To validate model performance, we used the FTIR spectra corresponding only to the time points where GC analyses were actually performed—these served as the validation dataset, as they were associated with measured, not interpolated, FAEE content. This strategy ensures that the model is evaluated against true experimental values, not model-generated approximations.

3.5. Regression Models and Their Evaluation

Python’s scikit-learn v1.4.1 package was utilised to implement regression models and calculate evaluation metrics.

Python’s LinearRegression function was used to fit linear models—simple linear regression (SLR) and multiple linear regression (MLR). Specifically, the residual sum of squares between the observed targets in the dataset and the targets predicted by the linear approximation was minimised. The PLSRegression function was employed for implementing PLS regression.

The coefficient of determination, often denoted as R-squared (R²), and root mean squared error on prediction (RMSEP) were used as key metrics during the models’ development for their evaluation.

4. Conclusions

The proposed FTIR monitoring system offers a simple, rapid, precise, and reliable means of online monitoring ethanolysis progress across varied reaction conditions. Specifically, the developed online monitoring system was validated across reaction temperatures ranging from 40 °C to 60 °C and a range of initial catalyst concentrations from 0.25% to 1.0%. The method enables the determination of FAEE content (validated in the range of 40–100%) directly in the reaction mixture without sample pretreatment.

Introducing a novel data evaluation method, this approach employs linear regression, i.e., SLR and MLR, over the more commonly employed PLS regression. Successful utilisation of linear regression necessitated correlation analysis between spectra obtained from multiple reactions and sample composition analysed via the reference GC offline method. Following the removal of outliers, approximately 5% of the dataset, substantial enhancements in correlation were observed, particularly in specific spectral regions of esters (1000–1300 cm⁻¹, around 1750 cm⁻¹). Further improvements were achieved by applying the spectra derivative.

Both SLR and MLR models exhibited remarkable performance with raw spectra and their derivatives through the identified correlated spectral regions. An RMSEP value of 2.11 was achieved using only one region from the spectra derivative (i.e., in the case of SLR). Additionally, it was shown the method was able to identify discrepancies in the ethanolysis process course effectively and to confirm fulfilling the mandated threshold value prescribed by the European Union standard for biofuel of the batch even during its processing.

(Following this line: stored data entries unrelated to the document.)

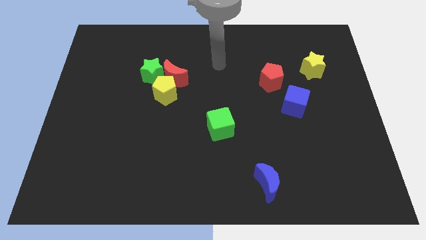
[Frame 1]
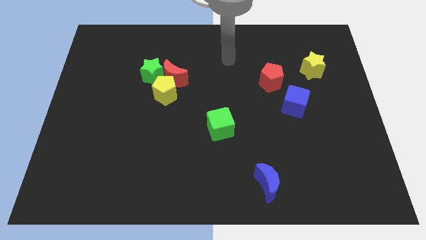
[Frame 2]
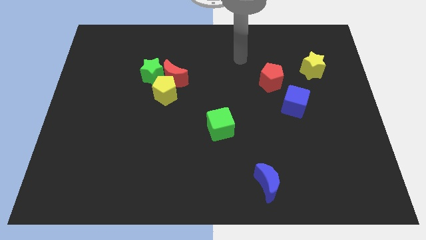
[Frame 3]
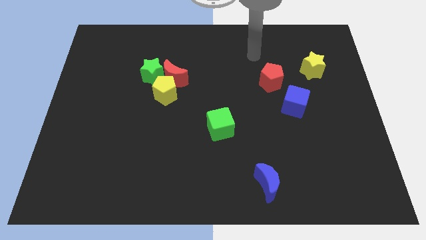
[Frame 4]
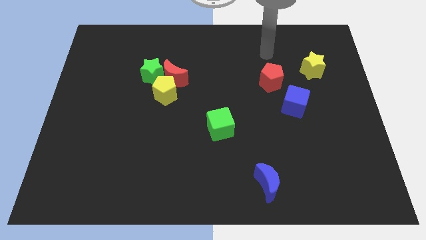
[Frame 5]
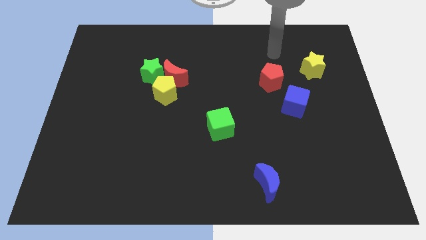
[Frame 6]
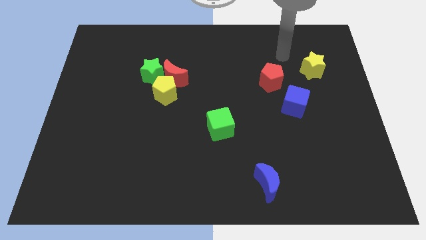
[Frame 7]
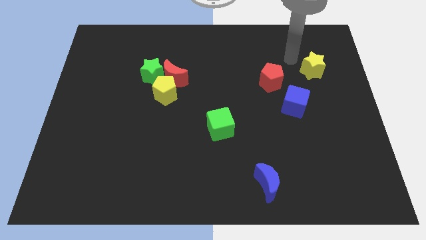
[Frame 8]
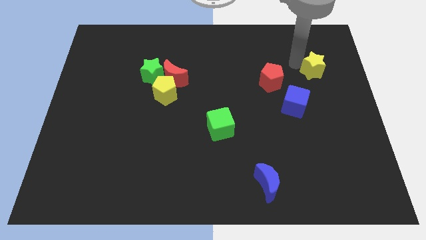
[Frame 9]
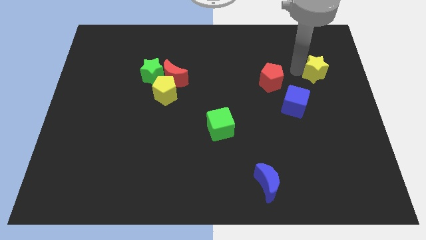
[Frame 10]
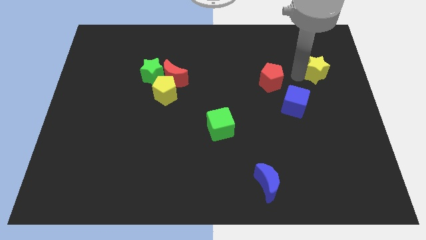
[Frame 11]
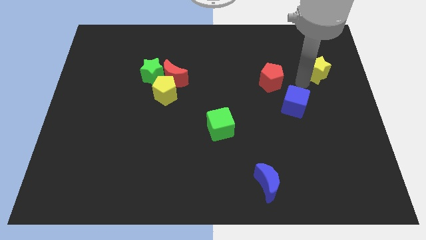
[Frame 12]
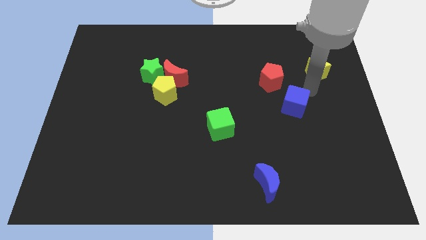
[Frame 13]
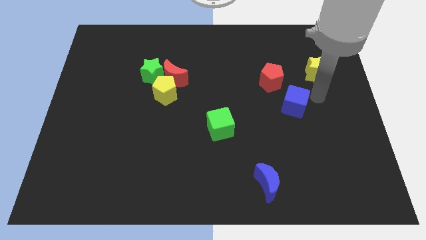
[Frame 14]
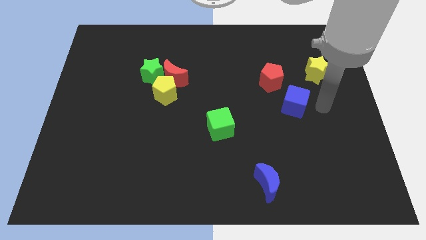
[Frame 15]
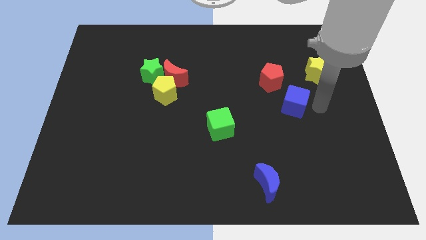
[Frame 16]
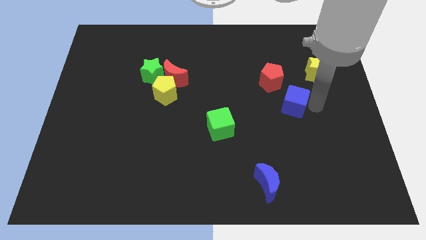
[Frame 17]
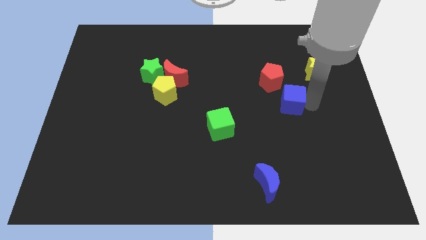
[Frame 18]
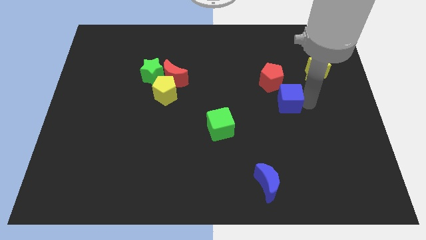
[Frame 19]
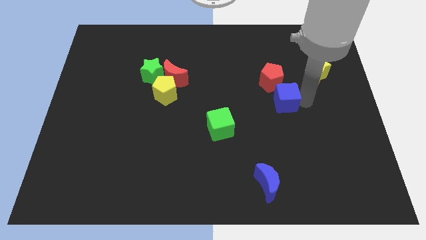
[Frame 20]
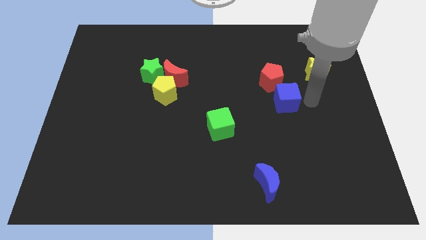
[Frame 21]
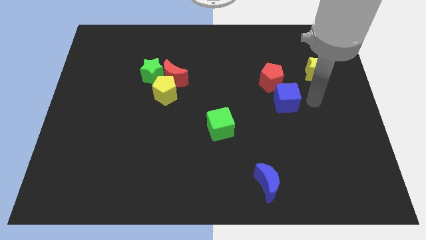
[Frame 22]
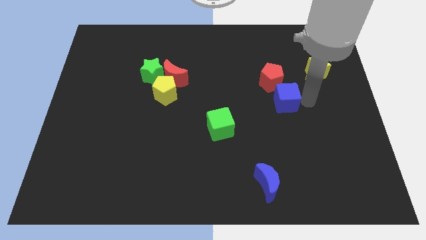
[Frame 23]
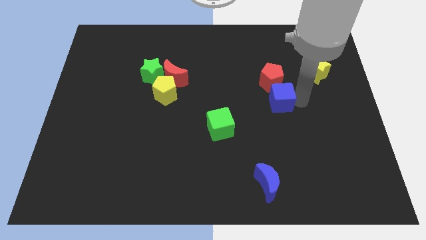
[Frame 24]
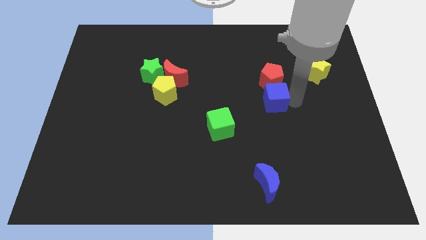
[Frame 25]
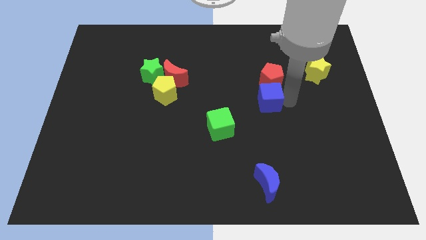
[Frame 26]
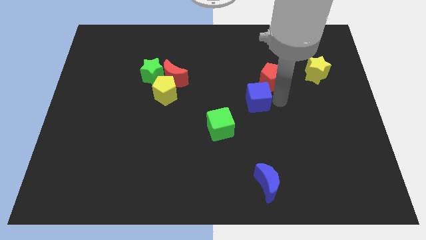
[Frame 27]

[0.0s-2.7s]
slide the blue cube to the left a bit

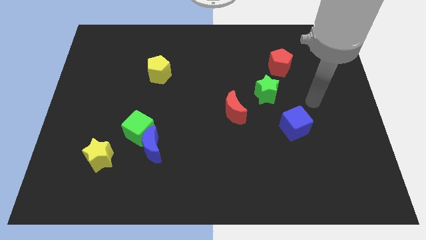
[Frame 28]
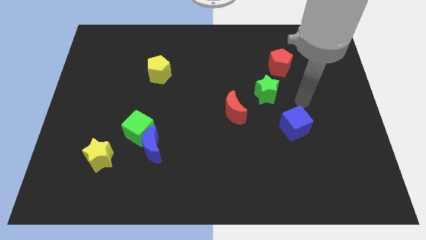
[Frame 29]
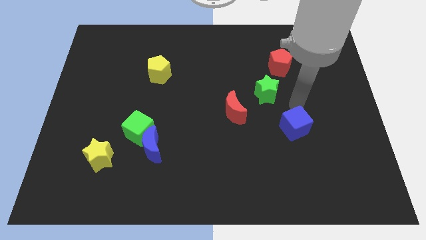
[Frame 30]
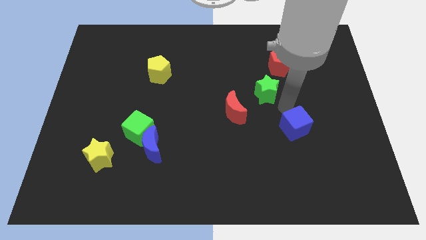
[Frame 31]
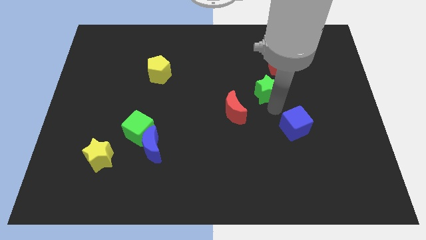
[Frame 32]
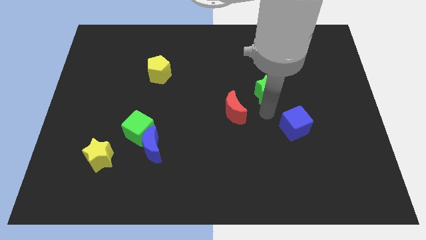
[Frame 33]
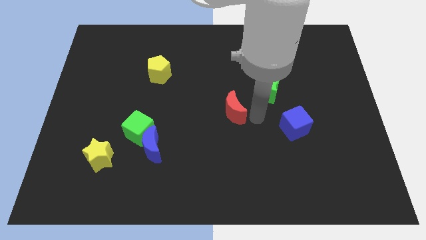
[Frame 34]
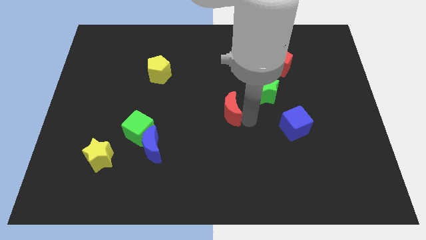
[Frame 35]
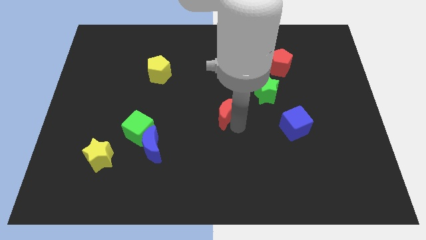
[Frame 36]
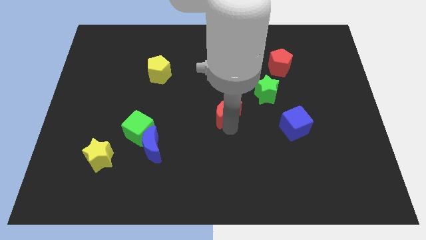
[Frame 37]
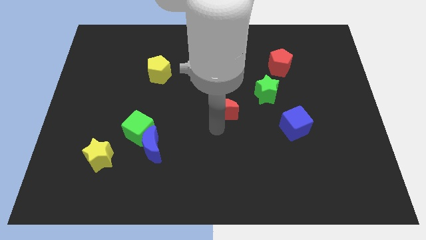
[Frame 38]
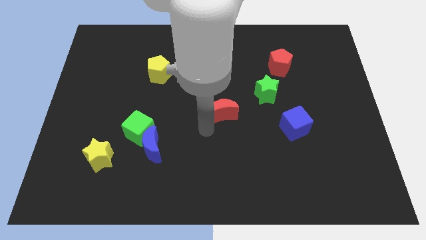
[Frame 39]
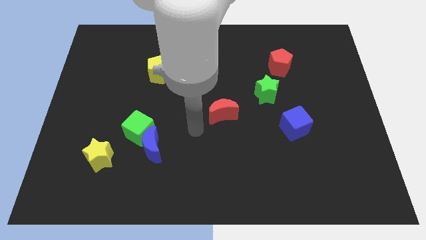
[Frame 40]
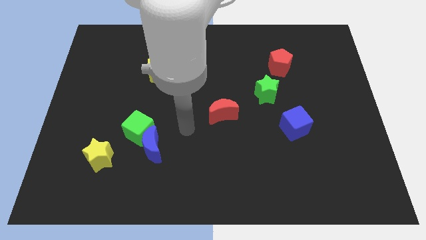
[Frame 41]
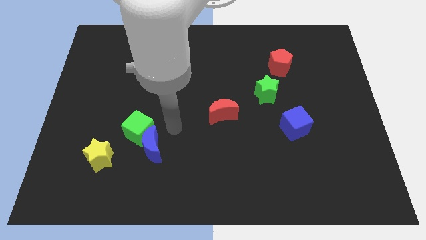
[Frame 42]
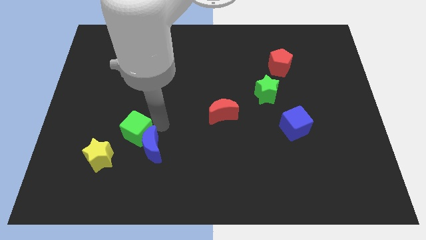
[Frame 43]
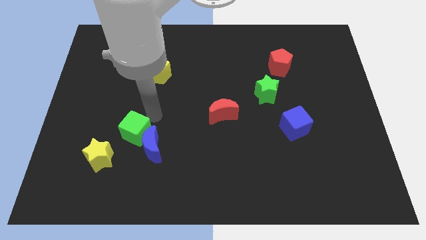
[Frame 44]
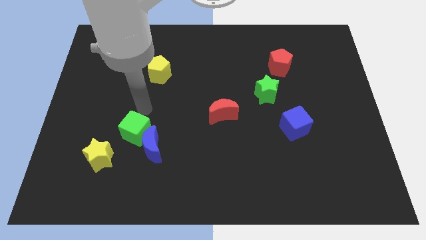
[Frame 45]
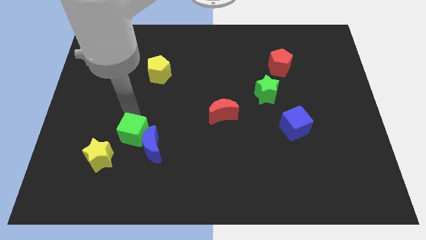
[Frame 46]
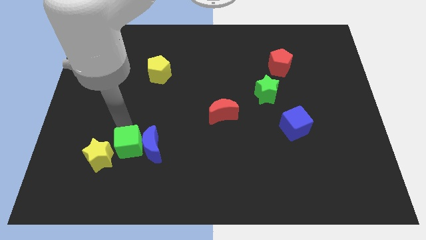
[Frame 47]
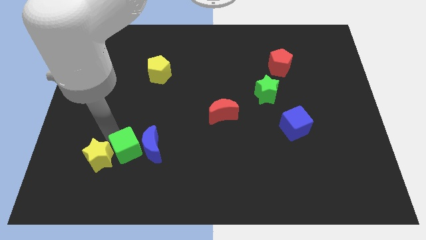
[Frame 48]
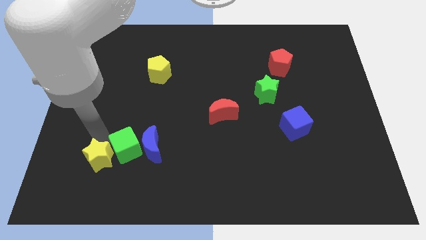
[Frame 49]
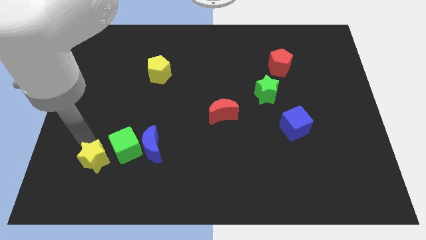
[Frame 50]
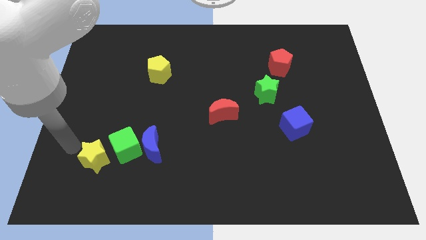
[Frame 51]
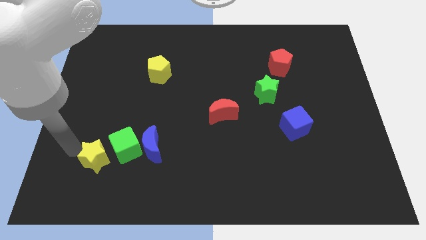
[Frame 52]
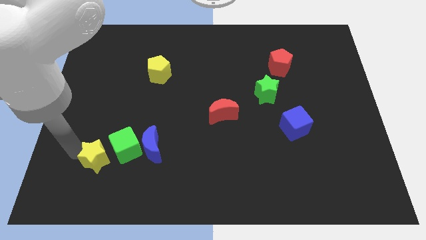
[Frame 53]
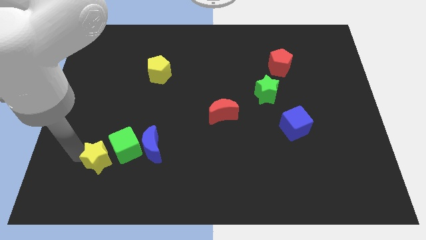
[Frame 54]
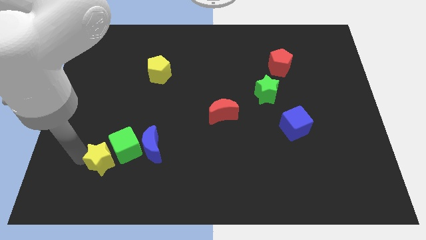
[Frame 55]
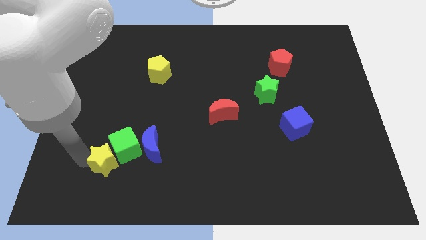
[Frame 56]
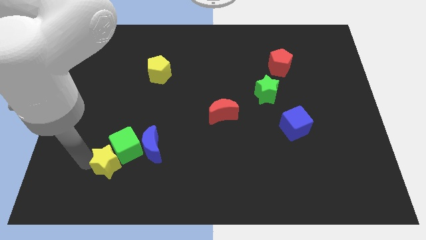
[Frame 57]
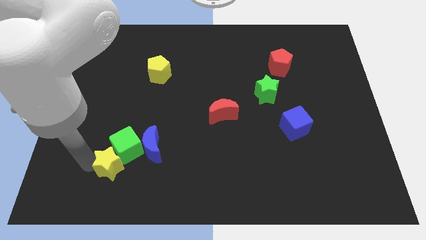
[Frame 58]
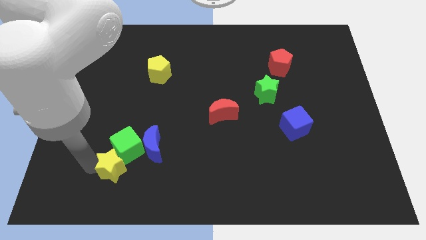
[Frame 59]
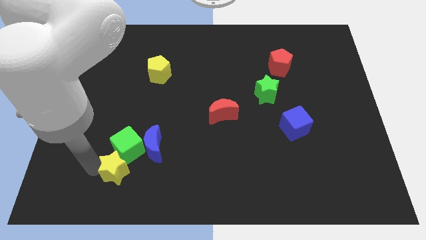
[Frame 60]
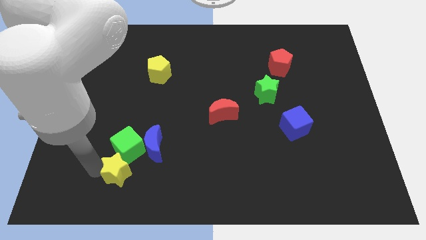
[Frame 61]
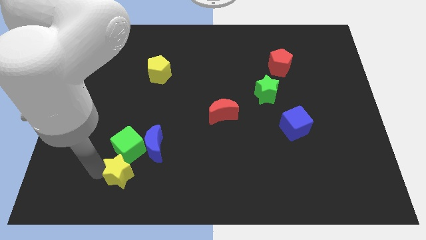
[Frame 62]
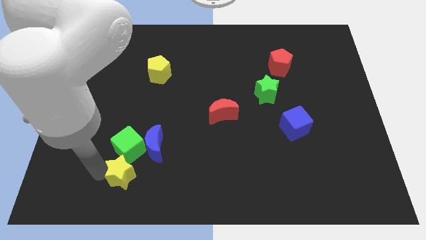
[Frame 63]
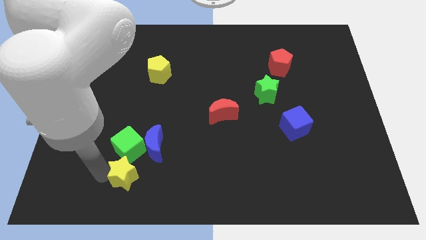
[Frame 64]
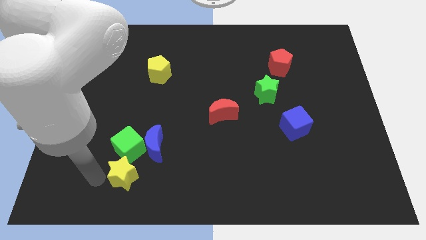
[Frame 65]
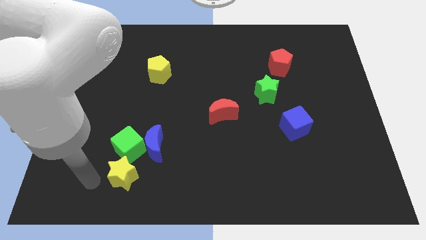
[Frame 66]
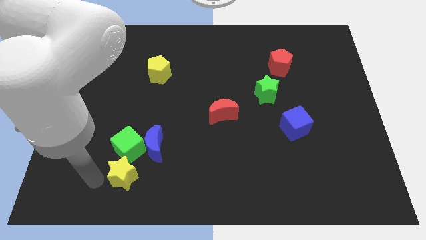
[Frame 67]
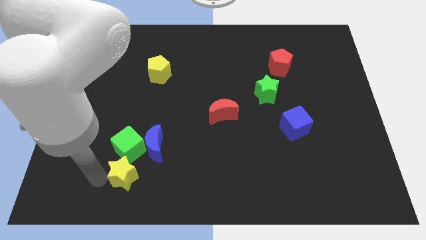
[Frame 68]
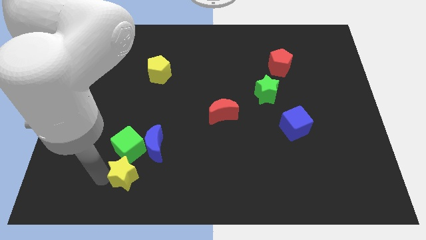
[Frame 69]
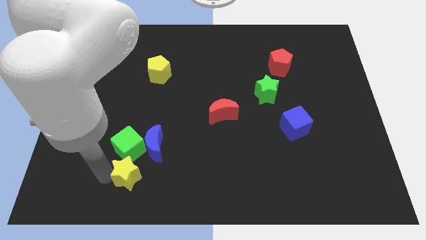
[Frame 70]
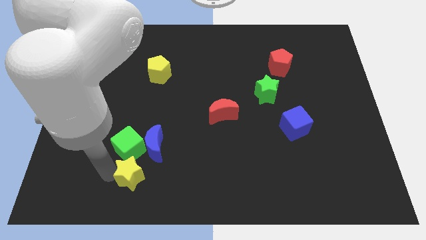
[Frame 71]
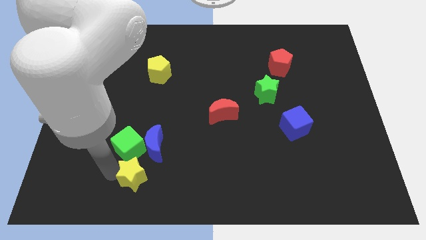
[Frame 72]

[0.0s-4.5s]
push the yellow star to the right somewhat

These findings underscore the efficacy of FTIR measurements combined with linear regression models as a suitable online monitoring tool for ethyl ester production control and quality assurance. The technology demonstrates strong economic viability with rapid payback periods through increased production capacity, making it attractive even for small-scale biodiesel operations with payback period around 3–4 months. Future work will integrate this monitoring tool into a feedback-controlled reactor system for dynamic biodiesel production optimisation.